The Joint Replacement Center of Korea, Ewha Womans University School of Medicine, Seoul, South Korea.
J Bone Joint Surg Am. 2011 Jun 1;93(11):1001-7. doi: 10.2106/JBJS.J.00445.
To our knowledge, no study to date has compared the clinical results of posterior cruciate-sacrificing mobile-bearing total knee replacements with those of posterior-stabilized mobile-bearing total knee replacements in the same patients. The purpose of the present study was to compare the clinical and radiographic results of these two designs. We hypothesized that the results would be better for knees treated with the posterior-stabilized mobile-bearing prosthesis.
The present study consisted of a consecutive series of 107 female patients (mean age, 66.8 years) who underwent bilateral simultaneous total knee arthroplasty at the same surgical setting. All of these patients received a posterior cruciate-sacrificing mobile-bearing prosthesis in one knee and a posterior-stabilized mobile-bearing prosthesis in the contralateral knee. At the time of each follow-up (mean, 7.4 years; range, seven to 7.6 years), the patients were assessed clinically.

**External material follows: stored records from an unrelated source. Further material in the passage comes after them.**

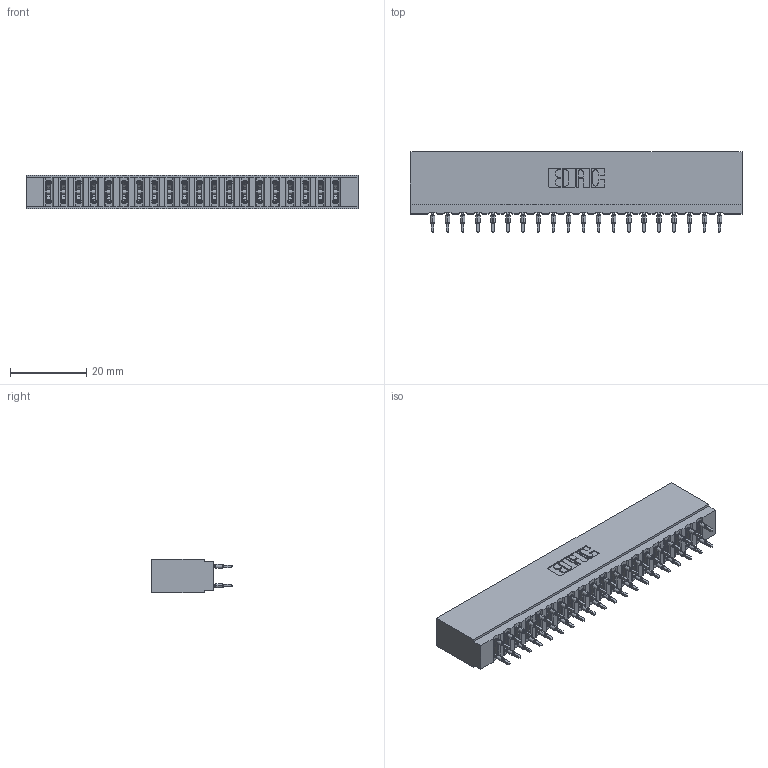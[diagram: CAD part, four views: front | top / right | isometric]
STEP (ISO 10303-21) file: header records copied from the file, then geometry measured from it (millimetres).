
FILE_DESCRIPTION (( 'STEP AP203' ), '1' );
FILE_NAME ('737-040-525-201.STEP', '2026-03-05T22:54:10', ( '' ), ( '' ), 'SwSTEP 2.0', 'SolidWorks 2023', '' );
FILE_SCHEMA (( 'CONFIG_CONTROL_DESIGN' ));
Length unit declared in the file: millimetre
Products named in the file (3): 737 Part_Insulator Option - 01; 745-292-001_525; 737-040-525-201
Assembly tree (41 placements, depth 2):
  737-040-525-201
    737 Part_Insulator Option - 01
    745-292-001_525  x40
Bounding box: 87.12 x 21.22 x 8.89 mm (x, y, z)
Volume: 8678.6 mm3; surface area: 12436.9 mm2
Topology: 41 solids, 41 shells, 3694 faces, 9935 edges, 6250 vertices
Faces by surface type: plane 1914, bspline 800, cylinder 740, torus 240
Entity records: 37301 total; most frequent: CARTESIAN_POINT 6985, ORIENTED_EDGE 6376, DIRECTION 5584, EDGE_CURVE 3188, VECTOR 2886, LINE 2886, VERTEX_POINT 2038, AXIS2_PLACEMENT_3D 1349

The mean postoperative Knee Society knee score (96 compared with 97 points) and Hospital for Special Surgery knee score (93 compared with 94 points) were similar between the two groups. At the time of the latest follow-up, the average range of motion was 127.7° (range, 70° to 150°) in the knees with a posterior cruciate-sacrificing mobile-bearing prosthesis and 132.4° (range, 90° to 150°) in the knees with a posterior-stabilized mobile-bearing prosthesis. With a margin of error of the manual measurement of 5°, this difference was not significant. The estimated survival rate was 97.2% (95% confidence interval, 91% to 99%) at seven years in the posterior-cruciate sacrificing mobile-bearing prosthesis group and 98.1% (95% confidence interval, 92% to 99%) at seven years in the posterior-stabilized mobile-bearing prosthesis group.

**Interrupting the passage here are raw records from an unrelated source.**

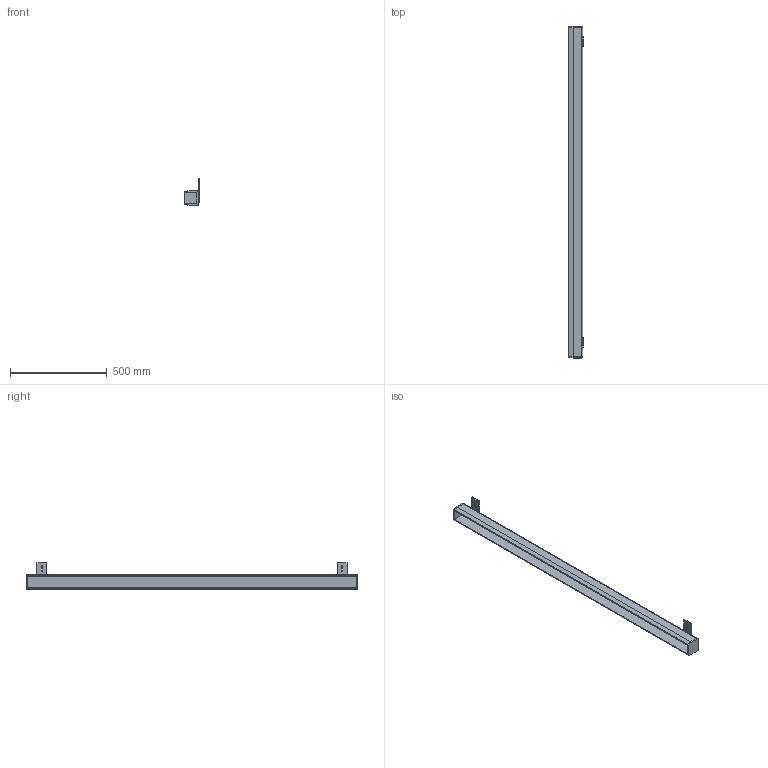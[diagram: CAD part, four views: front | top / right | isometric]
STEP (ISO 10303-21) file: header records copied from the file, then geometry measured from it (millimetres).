
FILE_DESCRIPTION(/* description */ ('FENCE MOUNT LIGHT SCREEN GUARD'),/* implementation_level */ '2;1');
FILE_NAME(/* name */ 'FM-1500-040.stp',/* time_stamp */ '2020-01-15T19:45:42-05:00',/* author */ ('E&E CP'),/* organization */ (''),/* preprocessor_version */ 'ST-DEVELOPER v17',/* originating_system */ 'Autodesk Inventor 2018',/* authorisation */ '');
FILE_SCHEMA (('AUTOMOTIVE_DESIGN { 1 0 10303 214 3 1 1 }'));
Length unit declared in the file: millimetre
Products named in the file (4): FM-1500-040; TLG1500; TLMB50; TLC19
Assembly tree (5 placements, depth 2):
  FM-1500-040
    TLG1500
    TLMB50  x2
    TLC19  x2
Bounding box: 81.95 x 1712.7 x 138.1 mm (x, y, z)
Volume: 3376322.9 mm3; surface area: 759932.9 mm2
Topology: 5 solids, 5 shells, 64 faces, 166 edges, 112 vertices
Faces by surface type: plane 40, cylinder 24
Full cylindrical faces by diameter (mm): 6.5 x4
Entity records: 1417 total; most frequent: DIRECTION 232, CARTESIAN_POINT 223, ORIENTED_EDGE 208, EDGE_CURVE 104, AXIS2_PLACEMENT_3D 79, LINE 74, VECTOR 74, VERTEX_POINT 70

After a minimum duration of follow-up of seven years, we found no significant differences between the two groups with regard to the clinical and radiographic results, including knee range of motion.
据我们所知,目前尚无研究比较过同种患者中后交叉韧带切除型活动平台膝关节假体与后稳定型活动平台膝关节假体的临床结果。本研究旨在比较这两种设计的临床和影像学结果。我们假设后稳定型活动平台假体治疗的膝关节结果会更好。
本研究为连续系列研究,共纳入 107 例女性患者(平均年龄 66.8 岁),这些患者在同一手术环境下同时接受双侧全膝关节置换术。所有患者一侧膝关节采用后交叉韧带切除型活动平台假体,对侧膝关节采用后稳定型活动平台假体。每次随访时(平均随访 7.4 年,7~7.6 年),均对患者进行临床评估。
两组患者术后膝关节美国特种外科医院(HSS)膝关节评分(分别为 96 分和 97 分)和 Knee Society 膝关节评分(分别为 93 分和 94 分)相似。末次随访时,后交叉韧带切除型活动平台假体组膝关节的平均活动度为 127.7°(70°150°),后稳定型活动平台假体组为 132.4°(90°150°)。考虑到手工测量的误差为 5°,这种差异没有统计学意义。后交叉韧带切除型活动平台假体组的 7 年估计生存率为 97.2%(95%置信区间:91%99%),后稳定型活动平台假体组为 98.1%(95%置信区间:92%99%)。
在至少 7 年的随访后,我们发现两组患者在临床和影像学结果方面(包括膝关节活动度)没有显著差异。